Hay un paralelismo muy estrecho entre estos dos grandes hombres que se llamaron así: uno en el Antiguo Testamento, y el otro en el Nuevo.

José, el de Jacob, era aquel que sus hermanos vendieron a unos mercaderes y que terminó siendo la mano derecha del faraón. Este José fue el que salvó a Egipto de morir de hambre gracias a su capacidad de interpretar sus sueños.

Además vida de los dos Josés guarda una gran similitud. Los dos fueron a Egipto, los dos son famosos por su castidad, y los dos recibieron la voluntad de Dios en sueños.

El soñador, decían sus hermanos

Y parece como si los sueños del primer José, se hicieron plenamente realidad en el segundo.

Nos dice el libro del Génesis (37, 5-10):

Tuvo José otro sueño, que contó a también a sus hermanos, diciendo: "He visto que el sol, la luna y once estrellas me adoraban".

Efectivamente en Nazaret, Jesús y María se someterían a la autoridad del Jefe de la familia: el Sol de justicia, que es Jesús, y la Luna, María, que recibe la luz del Astro Rey.

Y también así como el primer José se convirtió en intendente de los graneros de Egipto. De igual manera, el segundo José recibió el encargo de ganar el pan de la familia de Nazaret.

También a nosotros San José nos ayuda como Padre.
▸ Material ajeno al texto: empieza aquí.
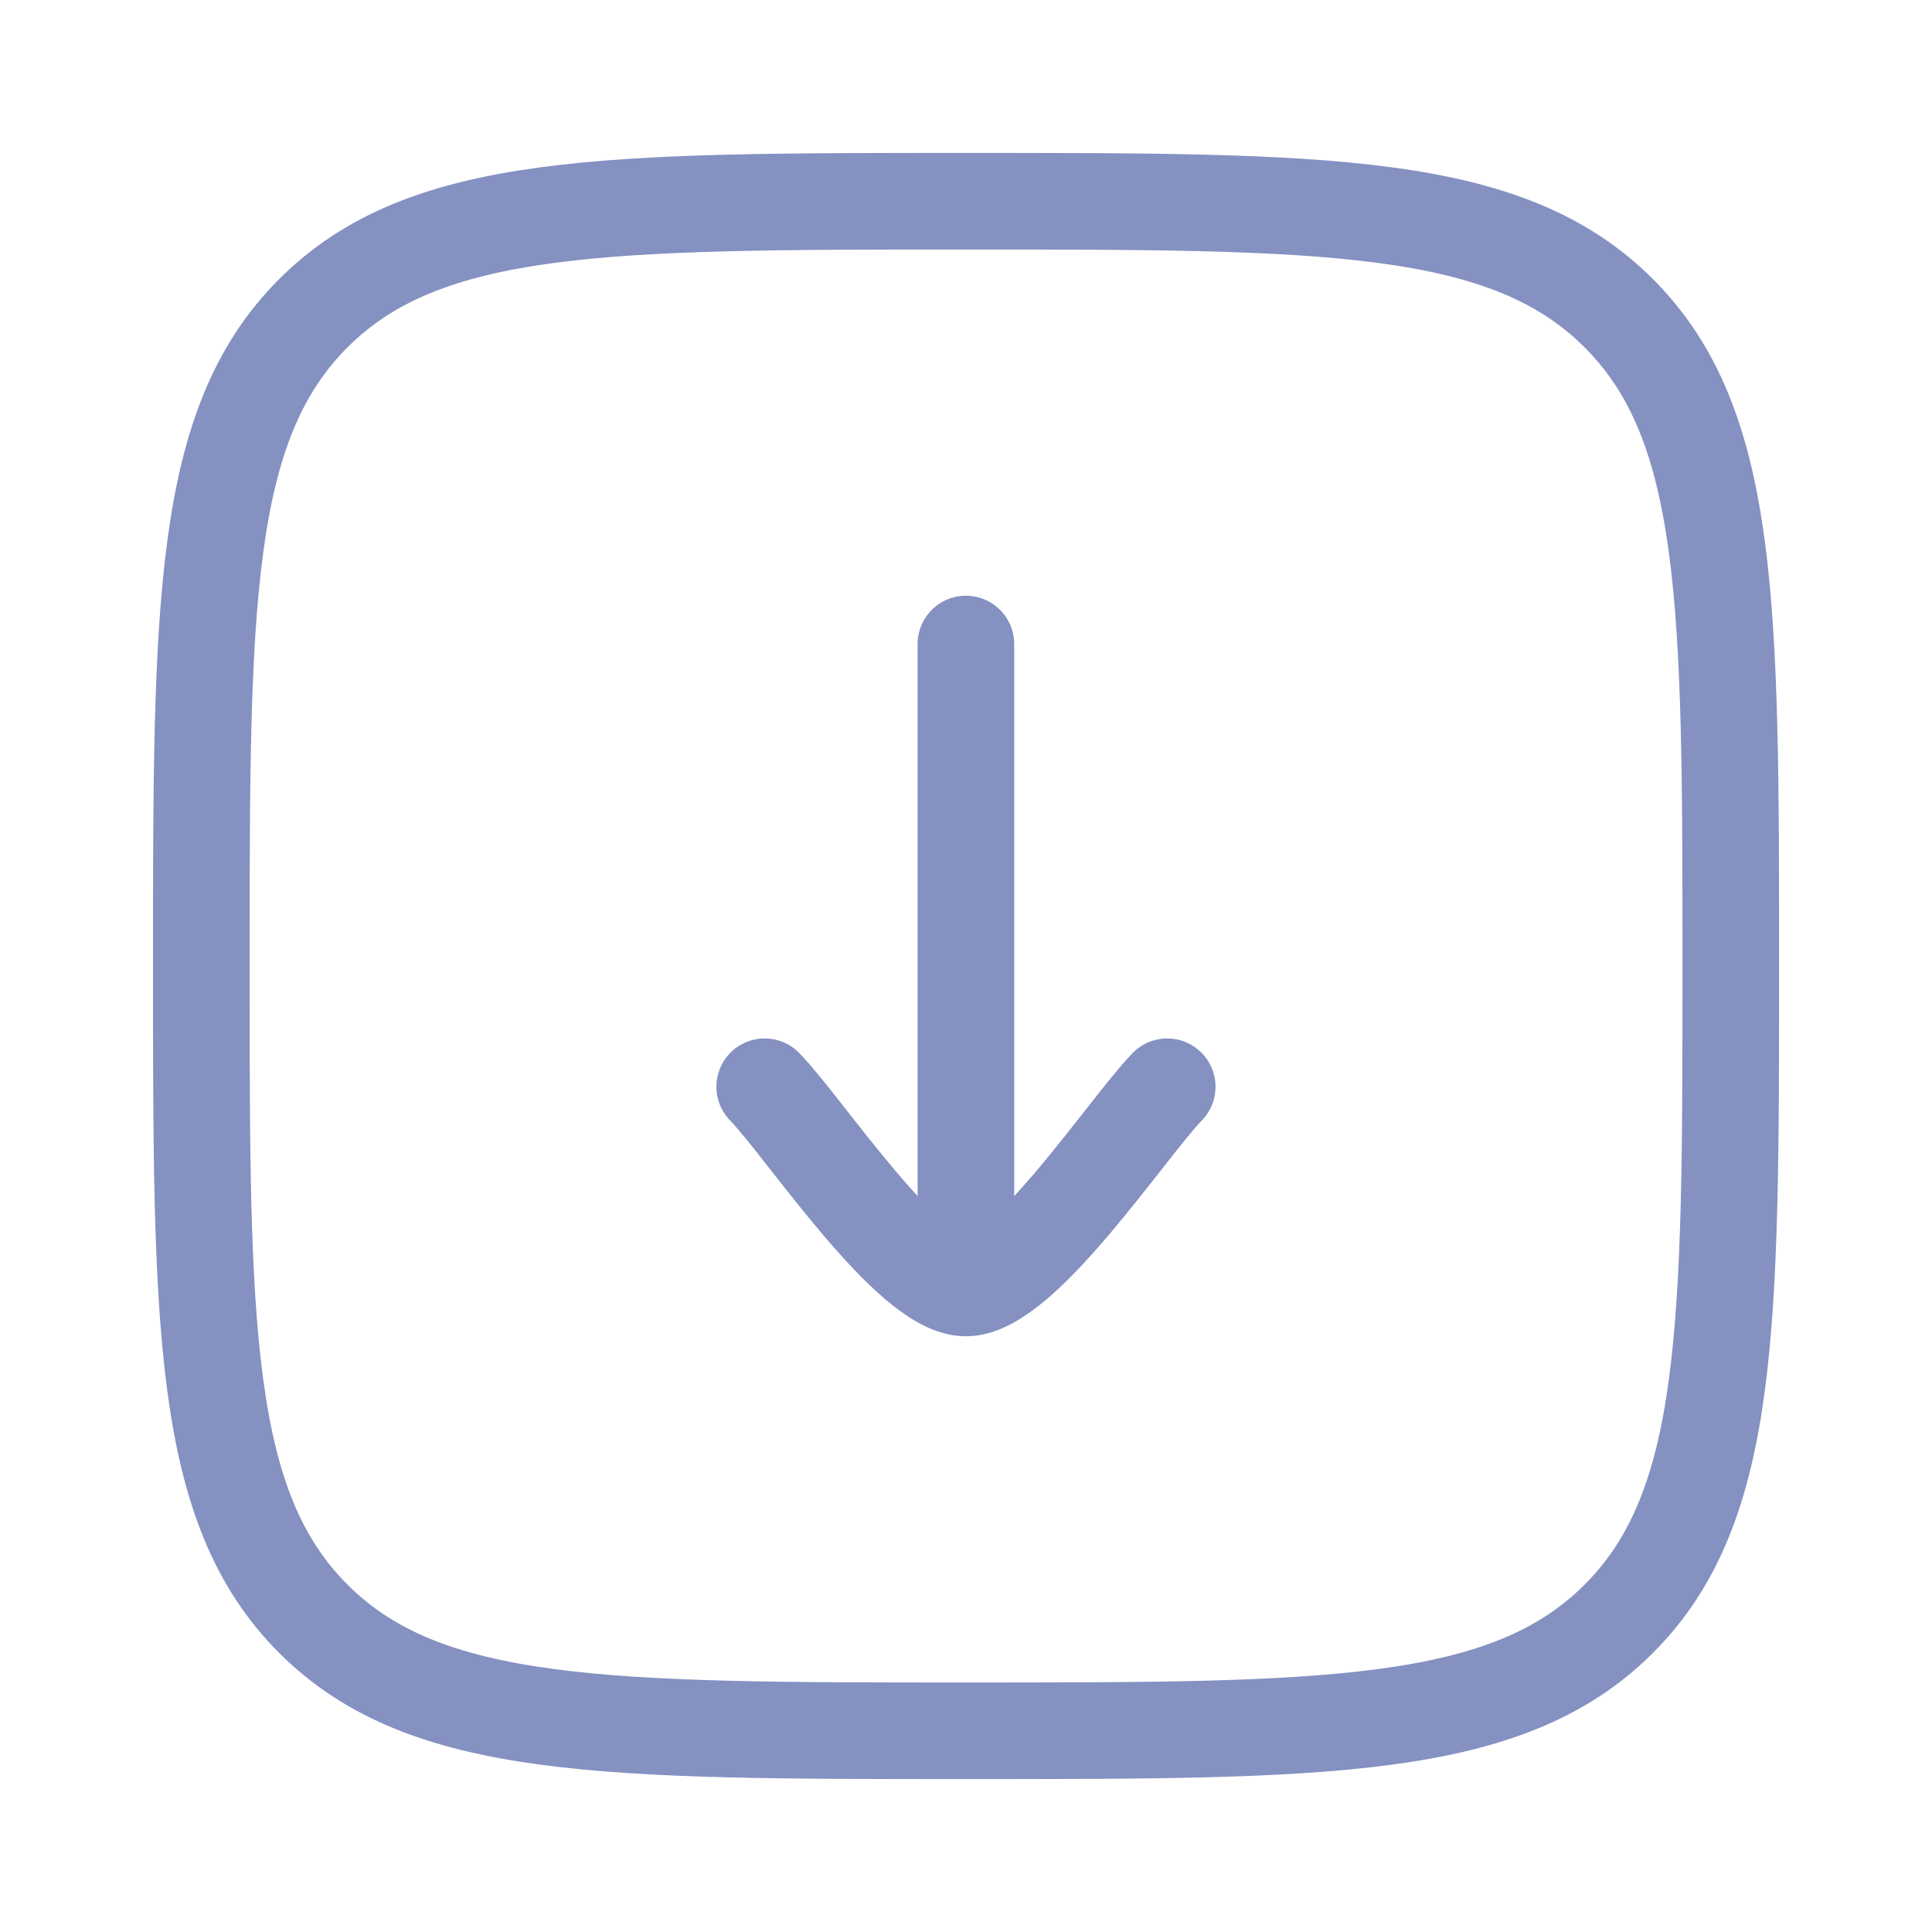 <svg xmlns="http://www.w3.org/2000/svg" fill="none" viewBox="0 0 20 20" height="20" width="20">
<path stroke="#8491C1" d="M2.084 10C2.084 6.268 2.084 4.402 3.243 3.243C4.403 2.083 6.269 2.083 10.001 2.083C13.733 2.083 15.599 2.083 16.758 3.243C17.917 4.402 17.917 6.268 17.917 10C17.917 13.732 17.917 15.598 16.758 16.757C15.599 17.917 13.733 17.917 10.001 17.917C6.269 17.917 4.403 17.917 3.243 16.757C2.084 15.598 2.084 13.732 2.084 10Z"></path>
<path stroke-linejoin="round" stroke-linecap="round" stroke="#8491C1" d="M9.999 13.333V6.667M9.999 13.333C9.416 13.333 8.326 11.671 7.916 11.25M9.999 13.333C10.583 13.333 11.673 11.671 12.083 11.25"></path>
</svg>

Por eso nos dice la Iglesia, como el Faraón decía a sus súbditos: «id a José».

Gracias, también, a su capacidad de interpretar la voz que oyó en sueños de un ángel, el Señor contó con él para venir a la tierra y para burlarse de sus perseguidores.

Es que si el primer José tuvo el encargo de conducir al pueblo de Dios a Egipto para salvarles del hambre; el segundo fue quien cuidó, crió y educó, a Cristo verdadero Pan de Vida, que nos trajo la Salvación a todos los hombres.

Señor, que podamos servirte... con un corazón puro como San José, que se entregó para servir a tu Hijo (cfr. Misa de la Solemnidad de San José. Oración sobre las ofrendas).

Hemos de ir a él como han acudido los santos. Teresa de Jesús escribió sobre el Santo Patriarca: «No me acuerdo, hasta ahora, haberle suplicado cosa que la haya dejado de hacer» (Libro de la vida, cap. VI).

En los años treinta San Josemaría puso en marcha una residencia de estudiantes en Madrid. Debido a la falta de presupuesto hubo muchos problemas para la instalación del primer oratorio allí en la casa. Destinaron al oratorio la mejor habitación del piso. Consiguieron un altar y, como retablo, un cuadro con la cena de Emaús. Y consiguieros otros objetos litúrgicos gracias a algunos préstamos o, incluso, regalos.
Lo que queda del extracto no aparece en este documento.